Last updated: April 2026
Section 1
Architecture
- Clawback runs as a transparent proxy on Cloudflare Workers.
- Your application sends requests to clawback.run instead of directly to the LLM provider.
- The proxy forwards requests unchanged to the original provider.
- Responses are returned to your application unmodified.
- Logging happens asynchronously and does not block the request path.
Zero Install. Zero Supply Chain Risk.
Clawback runs entirely on Cloudflare Workers. Nothing is installed on your machine. No PyPI packages, no npm modules, no Docker containers, no dependencies in your project. Your setup is one environment variable. This means there is no package to compromise, no dependency chain to poison, and no code running in your Python or Node.js process. Your credentials never touch third-party code on your infrastructure.
Section 2
Credential Handling
- API keys are stored in your local .env file. We never ask for or receive them out of band.
- Keys are read by your SDK at runtime and included in the Authorization header.
- The proxy sees the Authorization header to identify the customer via a SHA-256 hash.
- The proxy never stores, logs, or transmits the raw API key.
- Key hashes are used solely for grouping logs by customer.
Section 3
Data in Transit
- All traffic between your application and the proxy: HTTPS (TLS 1.3, Cloudflare edge).
- All traffic between the proxy and the LLM provider: HTTPS.
- Request/response bodies are logged to Cloudflare KV for the audit period (30 days).
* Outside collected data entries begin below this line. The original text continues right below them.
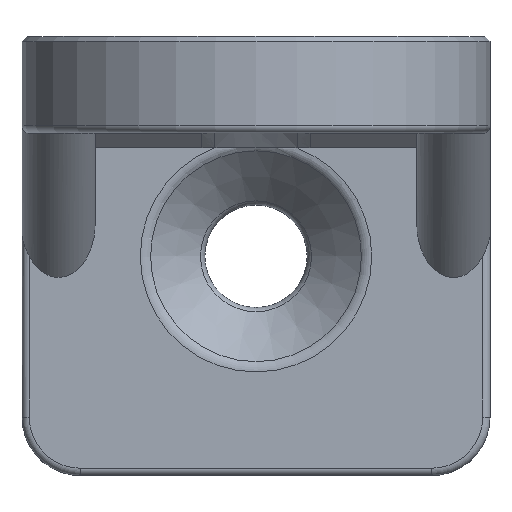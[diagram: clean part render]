
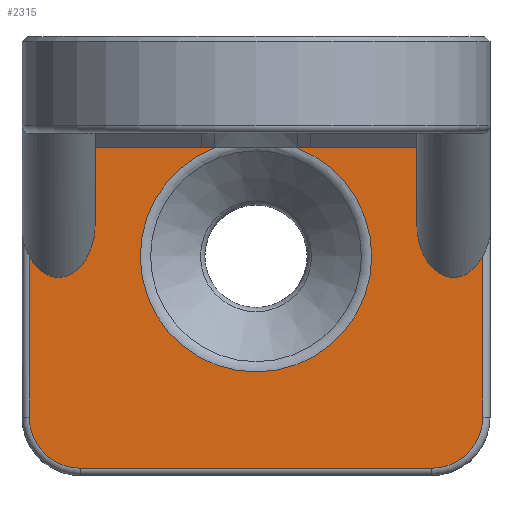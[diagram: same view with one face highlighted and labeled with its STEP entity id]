
A CAD part, top view. The second image highlights one B-rep face of the part: STEP entity #2315.
In plain terms, the highlighted planar face has unit normal (0, 0, 1).
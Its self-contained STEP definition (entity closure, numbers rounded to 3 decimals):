
#51=ELLIPSE('',#2540,3.625,2.5);
#52=ELLIPSE('',#2541,3.625,2.5);
#108=CIRCLE('',#2370,7.914);
#112=CIRCLE('',#2374,7.914);
#161=CIRCLE('',#2530,3.5);
#162=CIRCLE('',#2532,3.5);
#191=B_SPLINE_CURVE_WITH_KNOTS('',3,(#3289,#3290,#3291,#3292),
 .UNSPECIFIED.,.F.,.F.,(4,4),(1.031,1.119),
 .UNSPECIFIED.);
#198=B_SPLINE_CURVE_WITH_KNOTS('',3,(#3378,#3379,#3380,#3381),
 .UNSPECIFIED.,.F.,.F.,(4,4),(0.381,0.469),
 .UNSPECIFIED.);
#326=FACE_OUTER_BOUND('',#472,.T.);
#472=EDGE_LOOP('',(#1932,#1933,#1934,#1935,#1936,#1937,#1938,#1939,#1940,
#1941,#1942,#1943,#1944,#1945,#1946));
#513=LINE('',#3269,#705);
#518=LINE('',#3386,#710);
#522=LINE('',#3402,#714);
#677=LINE('',#4009,#869);
#679=LINE('',#4030,#871);
#680=LINE('',#4039,#872);
#685=LINE('',#4052,#877);
#705=VECTOR('',#2607,10.);
#710=VECTOR('',#2614,10.);
#714=VECTOR('',#2632,10.);
#869=VECTOR('',#3091,10.);
#871=VECTOR('',#3109,10.);
#872=VECTOR('',#3112,10.);
#877=VECTOR('',#3127,10.);
#895=VERTEX_POINT('',#3263);
#897=VERTEX_POINT('',#3267);
#899=VERTEX_POINT('',#3287);
#903=VERTEX_POINT('',#3342);
#905=VERTEX_POINT('',#3376);
#906=VERTEX_POINT('',#3383);
#908=VERTEX_POINT('',#3389);
#912=VERTEX_POINT('',#3400);
#1084=VERTEX_POINT('',#4005);
#1085=VERTEX_POINT('',#4007);
#1086=VERTEX_POINT('',#4011);
#1087=VERTEX_POINT('',#4015);
#1089=VERTEX_POINT('',#4021);
#1091=VERTEX_POINT('',#4032);
#1094=VERTEX_POINT('',#4050);
#1111=EDGE_CURVE('',#897,#895,#513,.T.);
#1113=EDGE_CURVE('',#899,#897,#191,.T.);
#1122=EDGE_CURVE('',#905,#903,#198,.T.);
#1124=EDGE_CURVE('',#906,#905,#518,.T.);
#1126=EDGE_CURVE('',#903,#908,#108,.T.);
#1130=EDGE_CURVE('',#908,#899,#112,.T.);
#1133=EDGE_CURVE('',#906,#912,#522,.T.);
#1390=EDGE_CURVE('',#1085,#1084,#677,.T.);
#1392=EDGE_CURVE('',#1086,#1085,#161,.T.);
#1393=EDGE_CURVE('',#1084,#1087,#162,.T.);
#1398=EDGE_CURVE('',#1087,#1089,#679,.T.);
#1400=EDGE_CURVE('',#1091,#1086,#680,.T.);
#1405=EDGE_CURVE('',#1089,#912,#51,.F.);
#1406=EDGE_CURVE('',#1094,#1091,#52,.F.);
#1407=EDGE_CURVE('',#1094,#895,#685,.T.);
#1932=ORIENTED_EDGE('',*,*,#1113,.F.);
#1933=ORIENTED_EDGE('',*,*,#1130,.F.);
#1934=ORIENTED_EDGE('',*,*,#1126,.F.);
#1935=ORIENTED_EDGE('',*,*,#1122,.F.);
#1936=ORIENTED_EDGE('',*,*,#1124,.F.);
#1937=ORIENTED_EDGE('',*,*,#1133,.T.);
#1938=ORIENTED_EDGE('',*,*,#1405,.F.);
#1939=ORIENTED_EDGE('',*,*,#1398,.F.);
#1940=ORIENTED_EDGE('',*,*,#1393,.F.);
#1941=ORIENTED_EDGE('',*,*,#1390,.F.);
#1942=ORIENTED_EDGE('',*,*,#1392,.F.);
#1943=ORIENTED_EDGE('',*,*,#1400,.F.);
#1944=ORIENTED_EDGE('',*,*,#1406,.F.);
#1945=ORIENTED_EDGE('',*,*,#1407,.T.);
#1946=ORIENTED_EDGE('',*,*,#1111,.F.);
#2196=PLANE('',#2539);
#2315=ADVANCED_FACE('',(#326),#2196,.T.);
#2370=AXIS2_PLACEMENT_3D('',#3390,#2618,#2619);
#2374=AXIS2_PLACEMENT_3D('',#3396,#2626,#2627);
#2530=AXIS2_PLACEMENT_3D('',#4013,#3096,#3097);
#2532=AXIS2_PLACEMENT_3D('',#4016,#3100,#3101);
#2539=AXIS2_PLACEMENT_3D('',#4048,#3121,#3122);
#2540=AXIS2_PLACEMENT_3D('',#4049,#3123,#3124);
#2541=AXIS2_PLACEMENT_3D('',#4051,#3125,#3126);
#2607=DIRECTION('',(1.,0.,0.));
#2614=DIRECTION('',(1.,0.,0.));
#2618=DIRECTION('center_axis',(0.,0.,1.));
#2619=DIRECTION('ref_axis',(-1.,0.,0.));
#2626=DIRECTION('center_axis',(0.,0.,1.));
#2627=DIRECTION('ref_axis',(-1.,0.,0.));
#2632=DIRECTION('',(0.,-1.,0.));
#3091=DIRECTION('',(-1.,0.,0.));
#3096=DIRECTION('center_axis',(0.,0.,-1.));
#3097=DIRECTION('ref_axis',(0.707,-0.707,0.));
#3100=DIRECTION('center_axis',(0.,0.,-1.));
#3101=DIRECTION('ref_axis',(-0.707,-0.707,0.));
#3109=DIRECTION('',(0.,1.,0.));
#3112=DIRECTION('',(0.,-1.,0.));
#3121=DIRECTION('center_axis',(0.,0.,1.));
#3122=DIRECTION('ref_axis',(1.,0.,0.));
#3123=DIRECTION('center_axis',(0.,0.,-1.));
#3124=DIRECTION('ref_axis',(0.,-1.,0.));
#3125=DIRECTION('center_axis',(0.,0.,-1.));
#3126=DIRECTION('ref_axis',(0.,-1.,0.));
#3127=DIRECTION('',(0.,1.,0.));
#3263=CARTESIAN_POINT('',(11.,7.4,0.));
#3267=CARTESIAN_POINT('',(3.693,7.4,0.));
#3269=CARTESIAN_POINT('',(-7.5,7.4,0.));
#3287=CARTESIAN_POINT('',(2.806,7.4,0.));
#3289=CARTESIAN_POINT('Ctrl Pts',(2.806,7.4,0.));
#3290=CARTESIAN_POINT('Ctrl Pts',(3.102,7.4,0.));
#3291=CARTESIAN_POINT('Ctrl Pts',(3.397,7.4,0.));
#3292=CARTESIAN_POINT('Ctrl Pts',(3.693,7.4,0.));
#3342=CARTESIAN_POINT('',(-2.806,7.4,0.));
#3376=CARTESIAN_POINT('',(-3.693,7.4,0.));
#3378=CARTESIAN_POINT('Ctrl Pts',(-3.693,7.4,0.));
#3379=CARTESIAN_POINT('Ctrl Pts',(-3.397,7.4,0.));
#3380=CARTESIAN_POINT('Ctrl Pts',(-3.102,7.4,0.));
#3381=CARTESIAN_POINT('Ctrl Pts',(-2.806,7.4,0.));
#3383=CARTESIAN_POINT('',(-11.,7.4,0.));
#3386=CARTESIAN_POINT('',(-7.5,7.4,0.));
#3389=CARTESIAN_POINT('',(7.914,0.,0.));
#3390=CARTESIAN_POINT('Origin',(0.,0.,0.));
#3396=CARTESIAN_POINT('Origin',(0.,0.,0.));
#3400=CARTESIAN_POINT('',(-11.,2.175,0.));
#3402=CARTESIAN_POINT('',(-11.,2.1,0.));
#4005=CARTESIAN_POINT('',(-12.,-14.5,0.));
#4007=CARTESIAN_POINT('',(12.,-14.5,0.));
#4009=CARTESIAN_POINT('',(7.5,-14.5,0.));
#4011=CARTESIAN_POINT('',(15.5,-11.,0.));
#4013=CARTESIAN_POINT('Origin',(12.,-11.,0.));
#4015=CARTESIAN_POINT('',(-15.5,-11.,0.));
#4016=CARTESIAN_POINT('Origin',(-12.,-11.,0.));
#4021=CARTESIAN_POINT('',(-15.5,0.,0.));
#4030=CARTESIAN_POINT('',(-15.5,-7.5,0.));
#4032=CARTESIAN_POINT('',(15.5,0.,0.));
#4039=CARTESIAN_POINT('',(15.5,7.5,0.));
#4048=CARTESIAN_POINT('Origin',(0.,0.,0.));
#4049=CARTESIAN_POINT('Origin',(-13.5,2.175,0.));
#4050=CARTESIAN_POINT('',(11.,2.175,0.));
#4051=CARTESIAN_POINT('Origin',(13.5,2.175,0.));
#4052=CARTESIAN_POINT('',(11.,2.1,0.));

- After the audit report is generated, log data expires automatically via KV TTL.
Section 4
Audit Replay Process
- When 150 calls are reached, the audit worker processes logs for replay.
- Replay runs on Clawback's serverless infrastructure (Cloudflare Workers).
- Call metadata is stored encrypted in Cloudflare KV (encrypted at rest, SOC 2 certified) for up to 30 days.
- All stored data is automatically purged after report generation.
- You are never billed for replay calls. Replay runs on Clawback's API accounts.
Section 5
Report Delivery
- Reports are sent via Resend (transactional email service).
- Email contains an HTML report with no external tracking pixels.
- Reports are not stored on any server after delivery.
- The operator receives a copy for support purposes.
Section 6
What We Don't Do
- We don't store raw prompts or completions long term.
- We don't sell or share customer data.
- We don't inject content into requests or responses.
- We don't modify API keys or credentials.
- We don't run any software on your machine. The only change is one environment variable.
Section 7
Infrastructure
- Proxy: Cloudflare Workers (edge compute, SOC 2 Type II certified).
- KV Storage: Cloudflare KV (encrypted at rest).
- Email: Resend (SOC 2 Type II certified).
- Webhook: Cloudflare Tunnel to operator infrastructure.
- No AWS, GCP, or Azure dependencies.
Section 8
Limitations & Roadmap
- No SOC 2 certification yet (planned).
- No formal penetration test completed yet.
- No data processing agreement template yet. Contact us to discuss.
- GDPR: Customer data can be deleted on request.